Teach your class to be critical consumers by studying persuasion in advertising.

By Elijah Ammen

"As Seen On TV" advertisement

A frustrating factor in English education is not that our students are unfamiliar with persuasion, or lack persuasive skills themselves; it is that they are not able to identify reasonable persuasion from propaganda. Young children can average 28-32 hours a week in front of the TV, which means they are exposed to an incredible amount of advertising from a very early age.

As technology grows, so do the innovations in advertising. As people become immune to advertising, the messages have to be broadcast in newer, louder, catchier ways: advertisements in video games, product placement, mobile ads, pre-ads for streaming video. This is without even mentioning billboards, radio, mailers, and e-mail.

Youngsters have the exposure to persuasion without the filter to understand it. As teachers, it’s our job to instruct students to be educated, discerning citizens. Here are some strategies and lesson plans to help.

 

Know the Methods

You can’t fight something until you name it and know why it’s wrong. Students need to understand the irresponsible ways that snob appeal, loaded words, glittering generalities, and bandwagon appeal try to persuade the viewer. Here is a great handout that uses these terms and more.

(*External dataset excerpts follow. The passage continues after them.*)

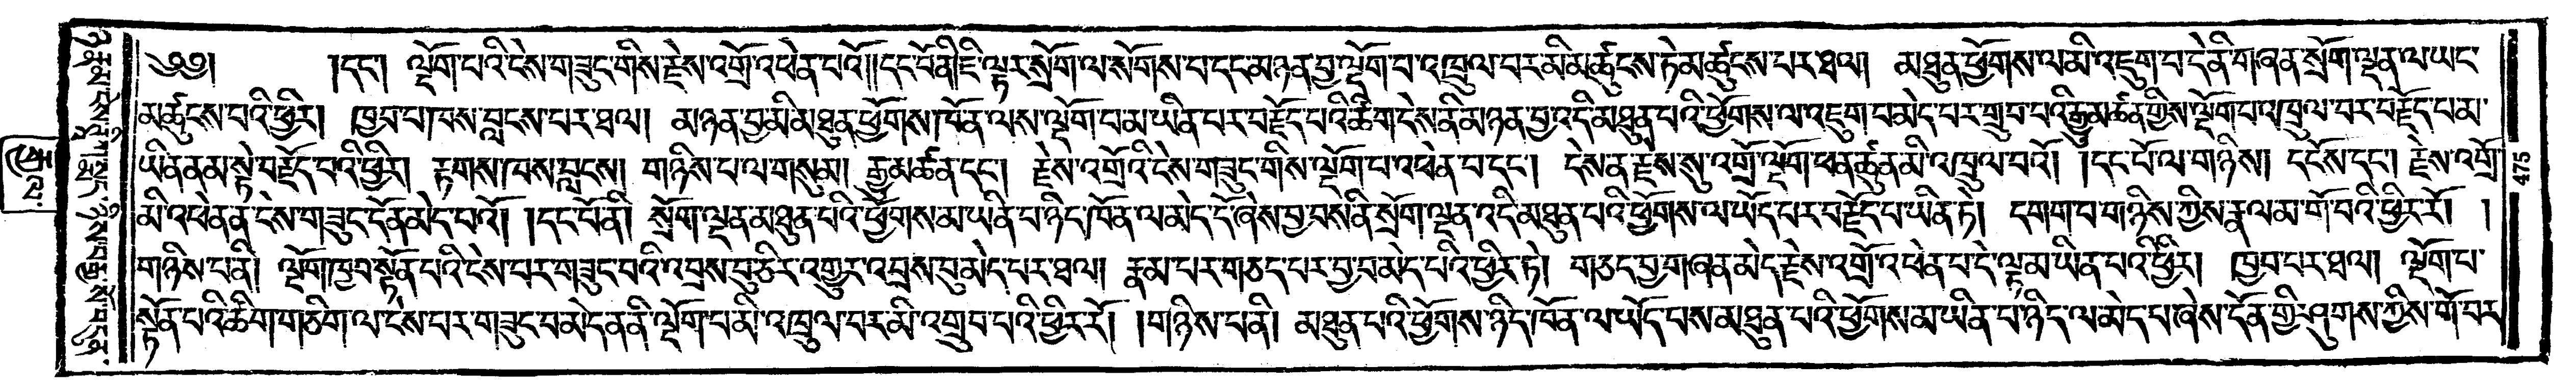༄༅། །དང་། ལྡོག་པའི་ངེས་གཟུང་གིས་རྗེས་འགྲོ་འཕེན་པའོ། །དང་པོ་ནི། ཇི་ལྟར་སྲོག་ལ་སོགས་པ་དང་མཉན་བྱ་ལྡོག་པ་འཁྲུལ་པར་མི་མཚུངས་ཏེ་མཚུངས་པར་ཐལ། མཐུན་ཕྱོགས་ལ་མི་འཇུག་པ་དེ་ནི་གཞན་སྲོག་ལྡན་ལ་ཡང་
མཚུངས་པའི་ཕྱིར། ཁྱབ་པ་ཁས་བླངས་པར་ཐལ། མཉན་བྱ་མི་མཐུན་ཕྱོགས་ཁོ་ན་ལས་ལྡོག་པ་མ་ཡིན་པར་བརྗོད་པའི་ཚིག་དེས་ནི་མཉན་བྱ་འདི་མཐུན་པའི་ཕྱོགས་ལ་འཇུག་པ་མེད་པར་གྲུབ་པའི་རྒྱུ་མཚན་གྱིས་ལྡོག་པ་འཁྲུལ་བར་བརྗོད་པ་མ་
ཡིན་ནམ་སྟེ་བརྗོད་པའི་ཕྱིར། རྟགས་ཁས་བླངས། གཉིས་པ་ལ་གསུམ། རྒྱུ་མཚན་དང་། རྗེས་འགྲོའི་ངེས་གཟུང་གིས་ལྡོག་པ་འཕེན་པ་དང་། དེས་ན་རྗེས་སུ་འགྲོ་ལྡོག་ཕན་ཚུན་མི་འཁྲུལ་བའོ། །དང་པོ་ལ་གཉིས། དངོས་དང་། རྗེས་འགྲོ་
མི་འཕེན་ན་ངེས་གཟུང་དོན་མེད་པའོ། །དང་པོ་ནི། སྲོག་ལྡན་མཐུན་པའི་ཕྱོགས་མ་ཡིན་པ་ཉིད་ཁོ་ན་ལ་མེད་དོ་ཞེས་བྱ་བས་ནི་སྲོག་ལྡན་འདི་མཐུན་པའི་ཕྱོགས་ལ་ཡོད་པར་བརྗོད་པ་ཡིན་ཏེ། དགག་པ་གཉིས་ཀྱིས་རྣལ་མ་གོ་བའི་ཕྱིར་རོ། །
གཉིས་པ་ནི། ལྡོག་ཁྱབ་སྟོན་པའི་ངེས་པར་གཟུང་བའི་འབྲས་བུ་ཅིར་འགྱུར་འབྲས་བུ་མེད་པར་ཐལ། རྣམ་པར་གཅད་པར་བྱ་བ་མེད་པའི་ཕྱིར་ཏེ། གཅད་བྱ་གཞན་མེད་རྗེས་འགྲོ་འཕེན་པ་དེ་ལྟ་མ་ཡིན་པའི་ཕྱིར། ཁྱབ་པར་ཐལ། ལྡོག་པ་
སྟོན་པའི་ཚིག་གཅིག་ལ་ངེས་པར་གཟུང་བ་མེད་ན་ནི་ལྡོག་པ་མི་འཁྲུལ་བར་མི་འགྲུབ་པའི་ཕྱིར་རོ། །གཉིས་པ་ནི། མཐུན་པའི་ཕྱོགས་ཉིད་ཁོ་ན་ལ་ཡོད་པས་མཐུན་པའི་ཕྱོགས་མ་ཡིན་པ་ཉིད་ལ་མེད་པ་ཞེས་དོན་གྱི་ཤུགས་ཀྱིས་གོ་བར་

When you teach these, try to let the class reach its own conclusion. For your initial examples, use over-the-top, humorous examples that make these methods very clear. Younger grades especially may not understand why it’s negative, so highlight some of the false claims that might be made, and ask them to compare what is being said with reality. High schoolers might be more ready to be critical of advertisers, so this would be a good grouping activity.

Create Your Own Propaganda

As we all know, creation is a high level on Bloom’s Taxonomy. When someone can deliberately use a persuasive device, he or she is more likely to be able to identify it later. Analyze advertisements, and then try to create an ad for an important issue, which avoids negative forms of persuasion.

On the other hand, here is a lesson that uses creating propaganda as an instructional tool to help promote discernment. Both methods are useful, and if you use both, it can create a healthy class discussion on which style is more ethical or more persuasive.

There’s a Poetry to It

Persuasion is not the only standard that can be taught through advertisements. Nearly every poetic device can be found in ads. Teach hyperbole and imagery, as well as similes, metaphors, personification, alliteration, onomatopoeia, and many others. You will also find many useful persuasive speeches. Once your class has a grasp on advertising, they can move to longer, text-based forms of persuasion. It’s an easy scaffold up, once you have set the foundation of rhetorical devices. Use this lesson plan to branch into persuasive speeches, both from famous movies and historical events.

Hopefully you'll see the rewards of this lesson far beyond your formative assessments. Kids latch onto ideas that they see in their everday life. By showing them how to be critical consumers, you are taking abstract knowledge and making it a continually analytical frame of mind.